Por favor ... ubìcate! ... jajaja ... nahh, broma! 



Libidito said:


> Estan cheveres tus fotos Inka, como siempre....
> 
> BTW...por que no limoneas conmigo???


Grax! ... y pues, porque no tengo cam, me la prestaron por un fin de semana y aprovechè los dìas soleados. 

Saludos :cheers:


----------



## J Block (Feb 16, 2004)

Me gustó mucho el recorrido Andrés. Breña cuenta con edificios bastante interesantes. Espero ver más fotos!


----------



## Romeo2201 (Mar 31, 2009)

:lol::lol:
Buenas fotos amigo..

Al costado esta la libreria-bazar de la sra Marthita (vende tb cajas vacias) :lol: . Que raro que no le hayas tomado foto a la casona de la ex libreria Minerva. Y al edificio del frente donde funciona Fasa. 

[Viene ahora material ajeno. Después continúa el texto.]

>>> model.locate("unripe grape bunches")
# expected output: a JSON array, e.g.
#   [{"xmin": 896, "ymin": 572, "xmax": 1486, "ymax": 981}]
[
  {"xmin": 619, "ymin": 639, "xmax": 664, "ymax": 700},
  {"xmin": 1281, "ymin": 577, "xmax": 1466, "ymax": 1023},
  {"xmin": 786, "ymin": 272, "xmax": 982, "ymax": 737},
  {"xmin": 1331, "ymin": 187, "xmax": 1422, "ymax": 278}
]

Como dije en su momento, Breña tiene un buen conjunto de casonas y edificios arquitectonicos (pasa por la av Portugal, te quedas lelo). muchos de ellos , descuidados o pintados huachafisticamente (como el ex-palacio de deportes, tomado x sedapal hasta hace poco , quien le dio ese pintado final)

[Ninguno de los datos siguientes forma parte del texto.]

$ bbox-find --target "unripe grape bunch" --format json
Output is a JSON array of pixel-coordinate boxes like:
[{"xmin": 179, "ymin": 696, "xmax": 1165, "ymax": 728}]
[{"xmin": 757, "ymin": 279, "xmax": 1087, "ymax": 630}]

En fin. mi breña querida es una bella dama con la cara sucia y mal vestida.


----------



## mustang.shellby.67 (Mar 10, 2011)

mi entrañable Breña...... ya pronto llegara la inversion inmobiliaria y supermercados que necesitas... ya vendran!!.....y sera un gran cambio----


----------



## JmC3dmodelator (Mar 24, 2008)

Que buenas casonas que hay en Breña...lastima que los ineptos que las pintan son daltonicos.


----------



## Inkandrew9 (Jul 11, 2007)

J Block said:


> Me gustó mucho el recorrido Andrés. Breña cuenta con edificios bastante interesantes. Espero ver más fotos!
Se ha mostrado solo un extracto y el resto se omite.